Higher capital needs to trim future banking returns

As a result of the stricter and higher equity Tier I capital requirements demanded by the forthcoming BASEL III rules, the Sri Lankan banking sector returns to its shareholders are likely to falter, leaving the investors to contemplate if they should continue to invest in the banking sector, according to a global consultancy firm.
Sri Lankan banks’ return on equity (RoE) is anyway expected to fall due to the declining net interest margins (NIMs) in the low interest rates environment they are operating in.

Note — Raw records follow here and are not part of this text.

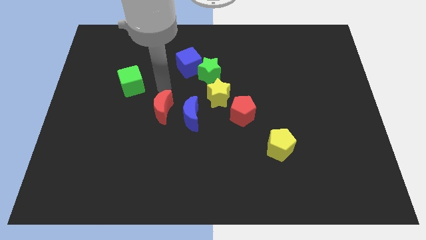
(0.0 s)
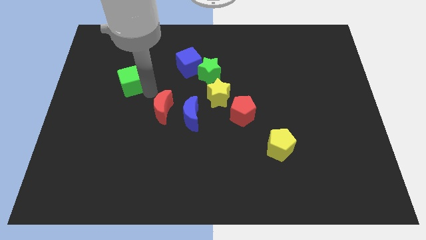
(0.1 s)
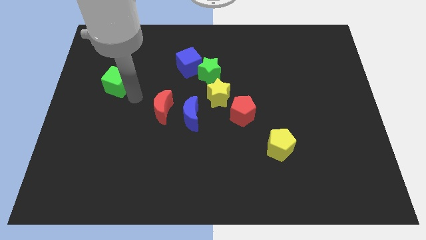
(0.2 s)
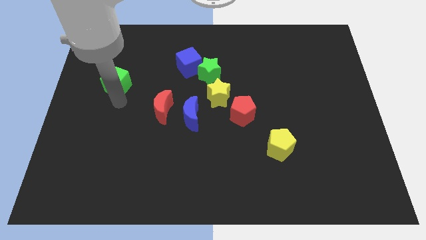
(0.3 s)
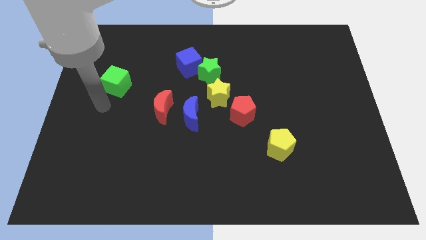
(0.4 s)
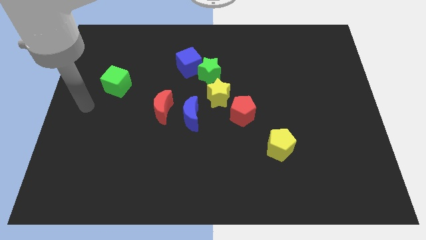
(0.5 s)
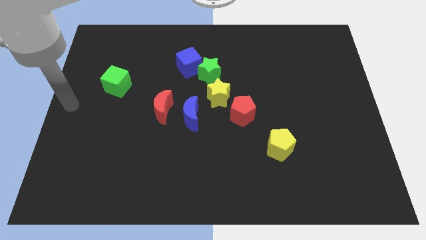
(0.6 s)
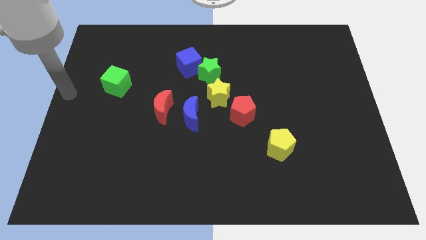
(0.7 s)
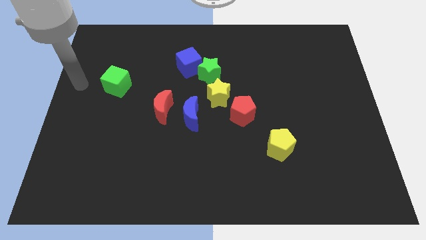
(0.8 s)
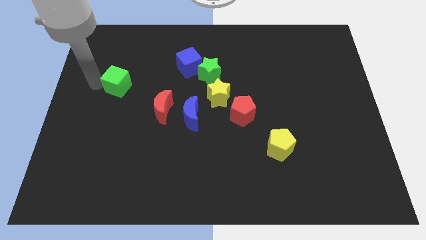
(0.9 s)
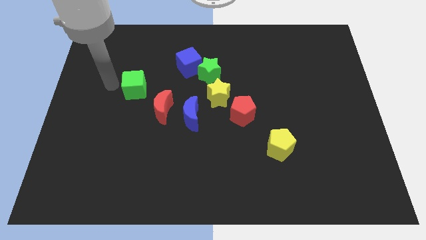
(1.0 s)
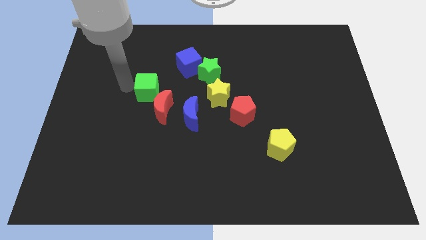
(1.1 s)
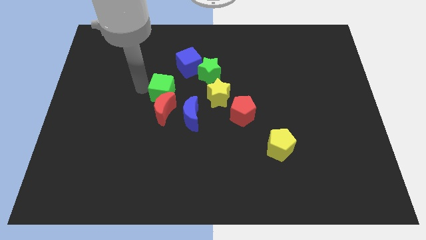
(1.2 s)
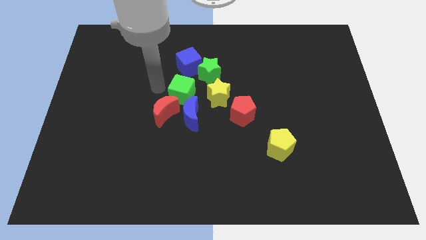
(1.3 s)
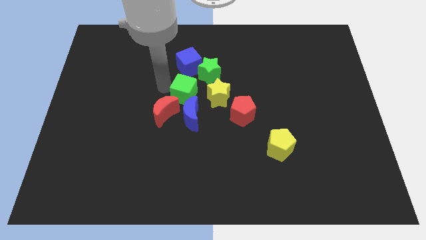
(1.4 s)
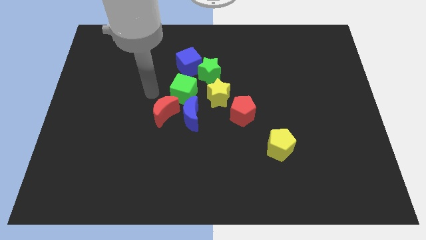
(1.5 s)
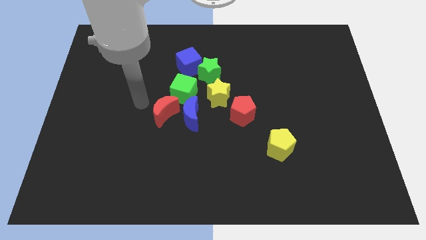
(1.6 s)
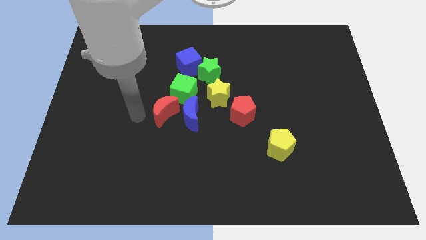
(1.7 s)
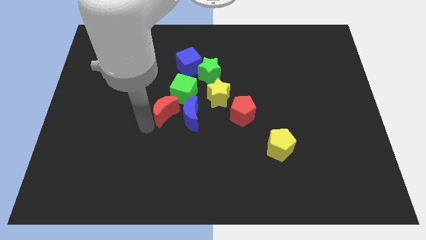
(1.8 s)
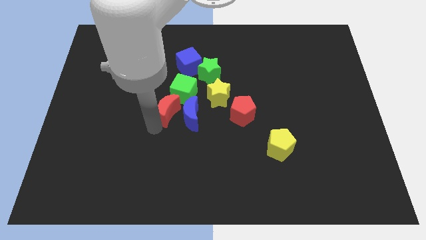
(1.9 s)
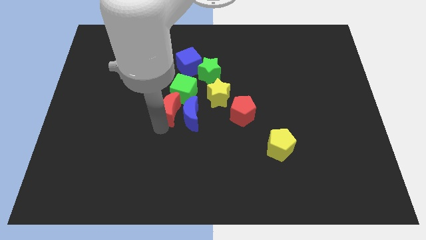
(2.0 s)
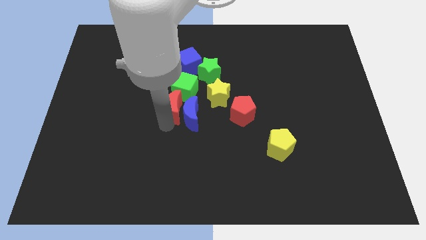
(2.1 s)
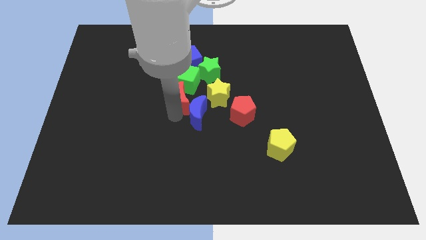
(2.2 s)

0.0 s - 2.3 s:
move the green cube and red moon into the group of blocks at the center

“This is the most shocking. The RoE has gone down for some banks from 20 percent to 4 or 5 percent,” said Deloitte Touche Tohmatsu Limited India (Deloitte) Manager Padmaja Mishra.
Among the BASEL III adopters, western banks have been hit the hardest in their RoEs with the emerging market banks to a lesser extent (See illustration).
“That is the reason why BASEL III concerns a lot for the CEOs of the banks, because RoEs, the size of the balance sheet and the capital levels have become huge concerns,” Mishra told at a forum organised by SJMS Associates.

Sri Lanka’s banking sector RoEs during the 2Q14 ranged from 0.7 percent by Union Bank of Colombo PLC to 22.1 percent by state-owned People’s Bank.
It was only recently former Commercial Bank PLC Chairman Dinesh Weerakkody echoed the same sentiments, where banks might have to curtail dividend payouts in the future to preserve and build capital buffers.
“This negative effect on RoE and dividend payouts could reduce the investor’s preference to invest in bank equity, compared to other options available in the stock exchange,” he said.

Meanwhile, Deloitte (India) Director Dr. Lakshmi Narasimhan said investors might reconsider continuing their investments in the banking stocks if the ever increasing cost of risk management, governance and compliance fail to transform into higher RoEs.  
“Each one of these is going to result in a cost. This is an unavoidable cost but this is necessary. And we have to see how efficient we are in managing this cost vis-à-vis our competitors.

And finally does it represent value for money? And how does it impact the RoE for the investors ultimately? Ultimately it has to somehow tie back to the RoE.
If every bank is BASEL III compliant but offers only 8 percent return, why would they continue to invest in the banking sector?
If the infrastructure sector or any other sector is offering 15 percent, they will go there. Definitely there has to be some serious questions to be asked about the value for money,” Dr. Narasimhan averred.  

Dr. Narasimhan however said BASEL III is clearly an inconvenience for the banks that have now started to see a growth after the global financial crisis and is a deterrent for performance growth.
“So, in this time of growth, if you are to make additional capital to increase the growth, part of the capital will sit idle. That way, it is an inconvenience,” he said.